Uganda

I’ve heard back from the Peace Corps and I’m leaving for Uganda in a little less than a month. There’s about a bijillion ideas and emotions going through my head and they’re creating a traffic jam trying to get out onto the written page. I’m excited of course and shocked of course. From the research that I’ve done, Uganda only has dial-up Internet. I’m going to have to do my best to keep a blog out there, but the posts might come in waves if I’m stationed out in a rural area with no electricity (a strong possibility). In the meantime, I’m going to jam the web with as much multimedia as possible.

Why am I going into the Peace Corps? I like humanitarian work and I like traveling. It will also be a once in a lifetime opportunity for me to do some documentary filmmaking, if I can pull it off. Those are the simple answers. Here’s an essay I wrote for my application:

“Many people die at twenty-five, but aren’t buried until they are seventy-five,” Benjamin Franklin once wrote. At the time of this writing, I am twenty-five. It’s not that I’m a particularly dull person, but over the last couple of years I’ve started to pass the time in a comfortable kind of routine. It’s not a bad thing. Almost all of my friends my age are beginning to do it as well. We have all found a pattern in life that works for us. Pretty soon we’ll all be confirming our choices of lifestyles by settling down, starting families, and drifting happily ever after into old age.

It sounds pleasant, but I’m not satisfied. Not yet anyway. There’s still plenty I want to see and learn first. The only remedy is to keep growing, but how? My body’s not getting any taller and I’ve been digesting books at a steady rate for sometime now. My desire for self-cultivation is neither physical, nor is it intellectual. The only path left is to expand experientially. I must go out and meet the world.

Although the Earth has always retained the same distance, lately the globe has become a lot smaller. A conversation with America and some countries on the far side of the world once hardly existed as a whisper. Now the slightest news from those areas can stir up an uproar of voices here at home. The face of our country is changing as well. Residents of the most benign landscape of Americana are looking across to the next backyard and encountering an increasingly diverse blend of exotic new neighbors.

This should not come as a shock to us a people. Our present situation has been shaped by the same ideal that the United States was founded upon. To ignore our growing intimacy with other cultures would stunt our growth as a country.

Our world is shrinking by the minute. Given the choice, I’d rather expand than contract. America’s presence is everywhere in this world, whether one favors this or not, that’s how the situation stands. The question cannot be one of attendance or absence. Instead, we must ask ourselves how we should continue to develop relationships beyond our borders. Likewise, the world’s cultures make up America. We are a nation of immigrants.
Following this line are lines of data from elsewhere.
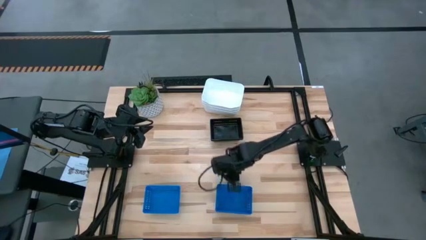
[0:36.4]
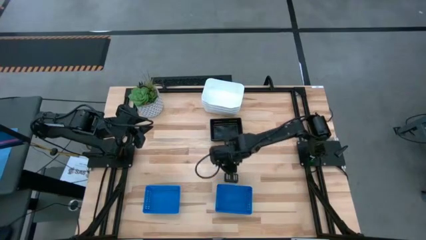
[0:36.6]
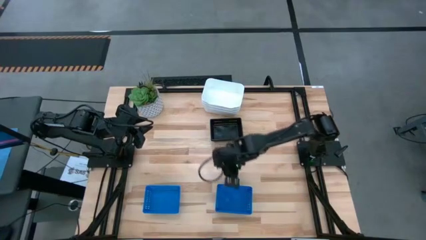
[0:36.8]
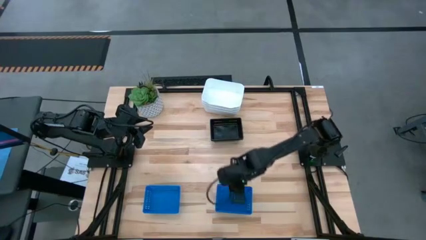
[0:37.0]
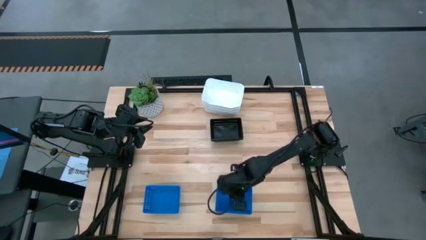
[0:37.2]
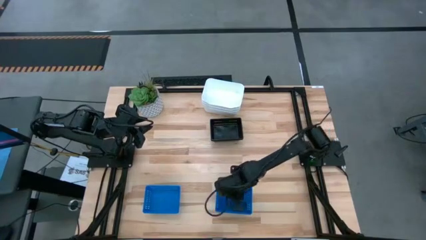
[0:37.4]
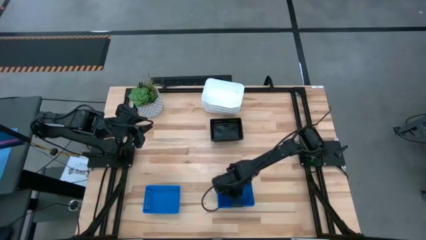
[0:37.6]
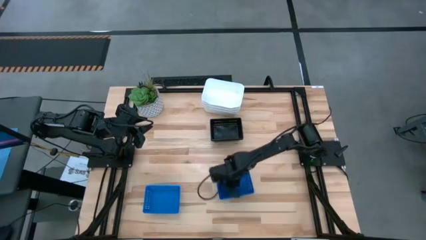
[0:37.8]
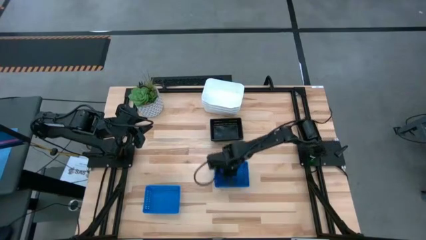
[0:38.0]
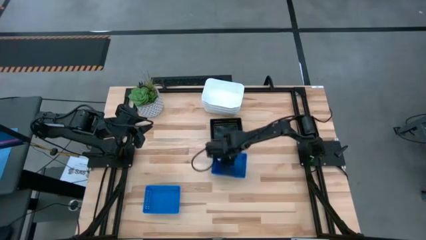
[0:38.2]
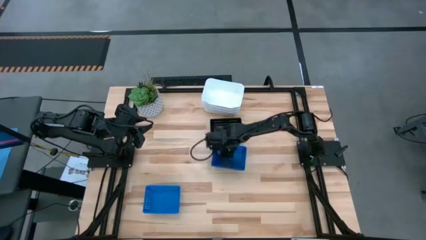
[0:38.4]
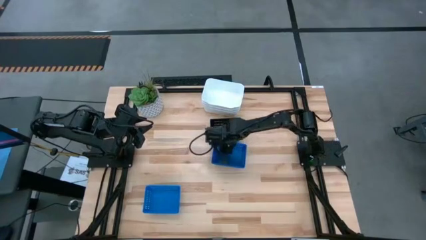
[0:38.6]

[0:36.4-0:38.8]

America’s ancestries represent every country on this planet. We are a democracy and we must continue to remember that everyone has a stake here.

I have come to the conclusion that to develop as an individual and as an American I must spend some time outside of this country, not as a tourist or a traveler, but as a global citizen. Only then will I have the insight to make judgments for myself and for the future United States that I will inherit when I return.

The program lasts for a little over two years. I’m going to be doing Public Health with a focus on HIV/AIDS work. To be honest, I feel kind of naive going into this whole experience. I don’t really have a reference point to work from. My biggest fears, thus far, are how to deal with the inevitable culture shock and how to protect and use my video equipment. In the next month I’m going to use this blog as a bulletin board for any Uganda related info that I can find.